Le retrait des ustensiles de cuisine du périmètre de la loi reste le point le plus contesté. Les députés écologistes ont dénoncé le « lobbying de Seb », propriétaire de la marque Tefal, comme responsable de cette exemption. Le groupe SEB, qui emploie plus de 33 000 salariés dans le monde et dont les revêtements antiadhésifs à base de PTFE est le cœur de métier, a argué de l'absence d'alternatives industriellement viables à l'échelle de sa production.

La question reviendra sur la table lors des évaluations prévues en 2028, avec la possibilité d'une interdiction élargie à l'horizon 2030.

Les obligations de surveillance et de transparence#

Contrôle de l'eau potable#

La loi impose aux agences régionales de santé (ARS) de publier un bilan annuel régional des analyses des eaux potables en matière d'exposition aux PFAS, y compris les eaux vendues en bouteilles. Le ministère de la Santé devra compiler un bilan national annuel.

Cartographie des sites émetteurs#

Une carte nationale des sites industriels émetteurs de PFAS devra être publiée et mise à jour régulièrement. Cette obligation de transparence vise à identifier les zones de contamination prioritaires et à guider les plans de dépollution. La directive europeenne 2024/3019 sur les eaux usees impose en parallele un traitement quaternaire des micropolluants, dont les PFAS font partie.

Trajectoire « zéro PFAS »#

La loi instaure une trajectoire nationale de réduction progressive des rejets aqueux de PFAS par les installations industrielles, avec pour objectif ultime d'atteindre le « zéro PFAS ». Les premières étapes de cette trajectoire doivent être définies par décret avant la fin 2026.

Taxe pollueur-payeur#

Un mécanisme de taxation des industriels émetteurs de PFAS est prévu, dont les modalités doivent être précisées par voie réglementaire. Les recettes seront affectées à la dépollution des sites contaminés et au financement de la recherche sur les alternatives.

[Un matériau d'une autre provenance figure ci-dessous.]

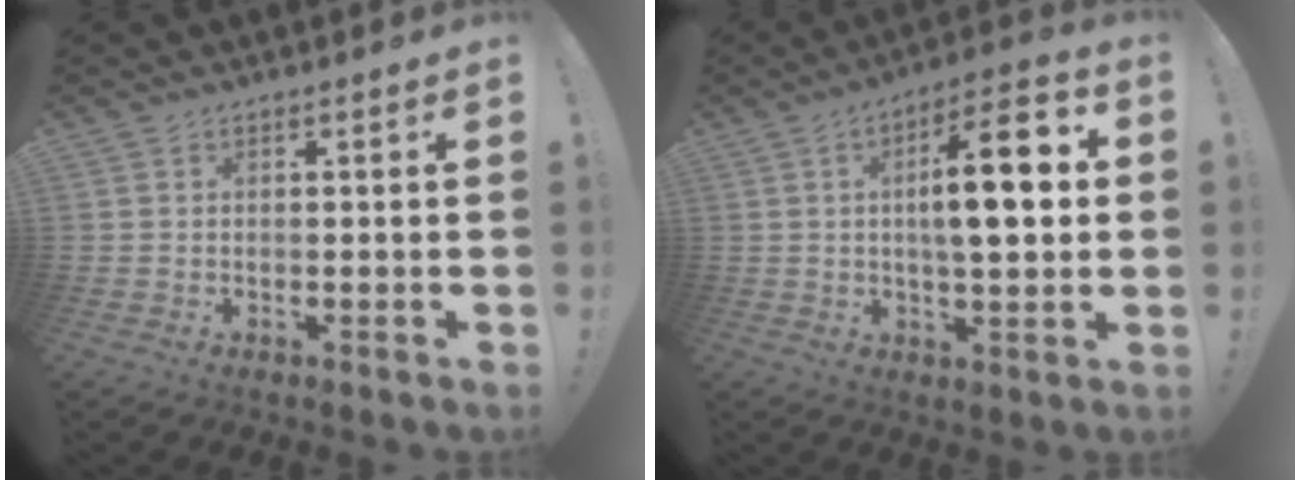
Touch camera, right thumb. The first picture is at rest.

Le contexte européen : la France en avance#

La restriction REACH en attente#

L'Agence européenne des produits chimiques (ECHA) a reçu en 2023 une proposition de restriction universelle des PFAS portée par cinq pays (Allemagne, Pays-Bas, Danemark, Suède, Norvège). Si elle aboutit, il s'agirait de la plus large restriction jamais adoptée sous REACH, couvrant plus de 10 000 substances. Mais le processus est long : la décision finale n'est pas attendue avant 2027 ou 2028.

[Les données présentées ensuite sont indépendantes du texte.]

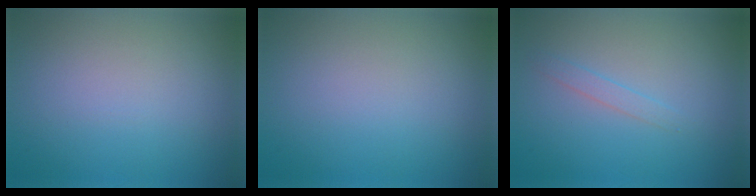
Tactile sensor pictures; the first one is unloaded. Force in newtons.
{"total": 0.0}
{"total": 1.0, "press": 1.0, "slide": 0.1}
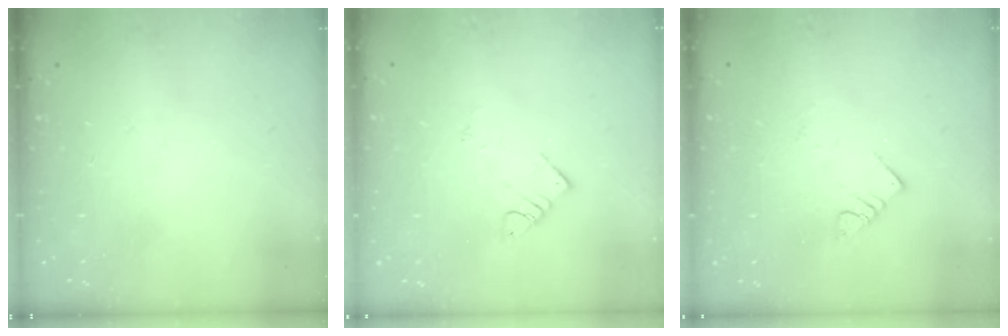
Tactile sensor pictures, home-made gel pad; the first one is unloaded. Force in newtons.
{"total": 3.6, "press": 3.6, "slide": 0.3}
{"total": 4.0, "press": 4.0, "slide": 0.4}
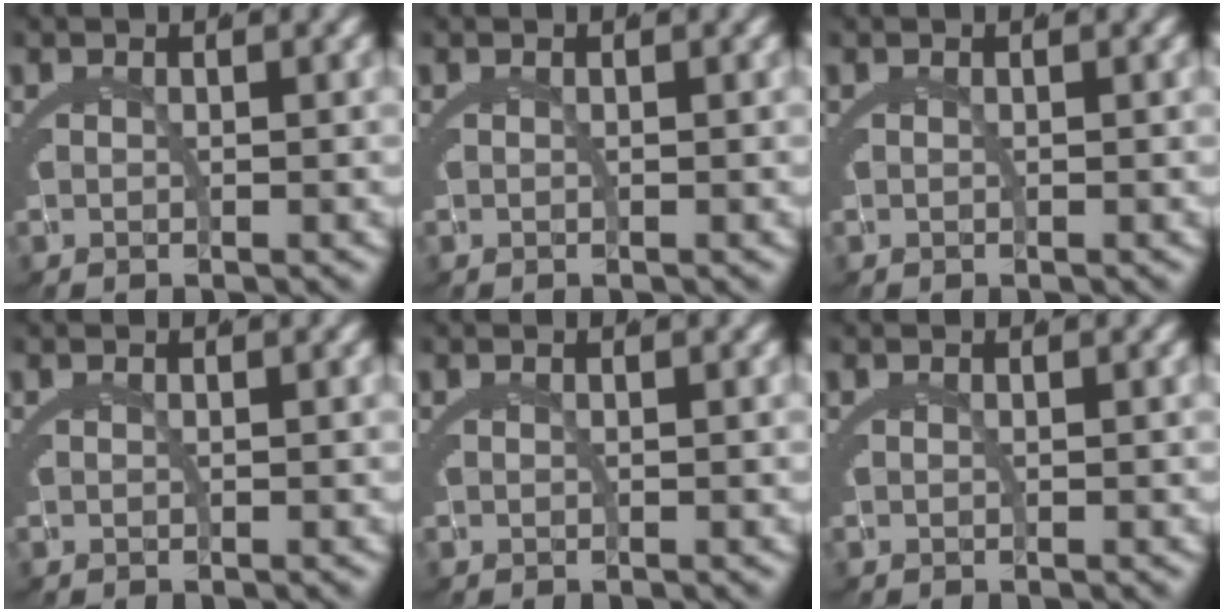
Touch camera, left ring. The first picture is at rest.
{"total": 0.0}
{"total": 0.0}
{"total": 0.0}
{"total": 0.0}
{"total": 0.0}

Les emballages alimentaires : août 2026#

Le règlement européen sur les emballages et les déchets d'emballage du 19 décembre 2024 prévoit l'interdiction des PFAS dans les emballages alimentaires à l'échelle de l'UE à partir d'août 2026. C'est la raison pour laquelle les emballages ont été retirés du périmètre de la loi française, pour éviter une double réglementation.

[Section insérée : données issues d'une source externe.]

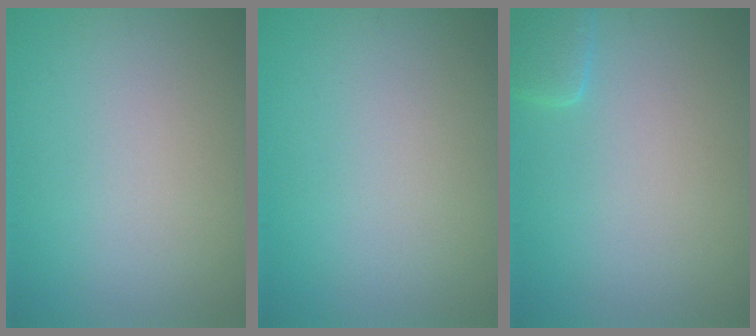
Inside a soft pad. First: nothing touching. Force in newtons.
{"total": 0.0}
{"total": 1.6, "press": 1.6, "slide": 0.2}
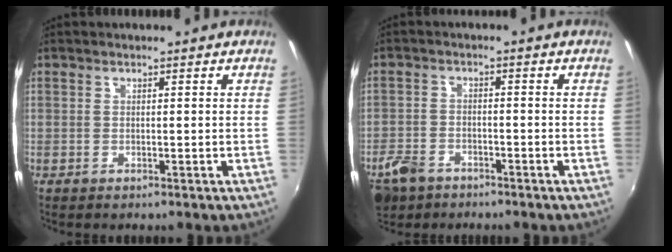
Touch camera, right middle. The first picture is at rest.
{"total": 7.6, "force": [-5.1, 4.7, 3.1], "torque": [-0.091, 0.001, -0.090]}
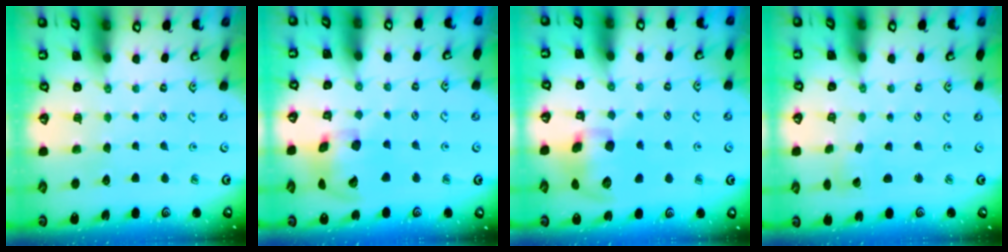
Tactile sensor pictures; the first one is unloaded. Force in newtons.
{"total": 14.7, "press": 14.5, "slide": 2.3}
{"total": 12.2, "press": 12.1, "slide": 1.4}
{"total": 1.6, "press": 1.6, "slide": 0.2}

Prochaines étapes : le calendrier jusqu'en 2030#

ÉchéanceMesure
1er janvier 2026Interdiction cosmétiques, vêtements, chaussures, farts
Août 2026Interdiction emballages alimentaires (UE)
2027Premier bilan ARS sur les PFAS dans l'eau potable
2028Évaluation de l'extension de l'interdiction (ustensiles de cuisine)
2030Interdiction de tous les textiles contenant des PFAS
2027-2028Décision ECHA sur la restriction universelle REACH

Ce qu'il faut retenir#

La loi du 27 février 2025 marque un tournant dans la lutte contre les polluants éternels, c'est aussi un texte de compromis qui montre les limites du lobbying réglementé. La France prend les devants en interdisant les PFAS dans plusieurs catégories avant l'UE. Les exemptions sur les ustensiles de cuisine restent le sujet qui fâche : on accepte que la majorité respire un air plus pur, à condition que les poêles Tefal restent sur le feu. Ce qui résume toute la politique environnementale, c'est là : la plupart de nous accepterons 70 % de transition si cela ne touche pas nos objets du quotidien. C'est utilitariste, c'est humain, c'est aussi la raison pour laquelle nous ne traverserons jamais la ligne. Les prochaines révisions en 2028 et 2030 redistribueront les cartes.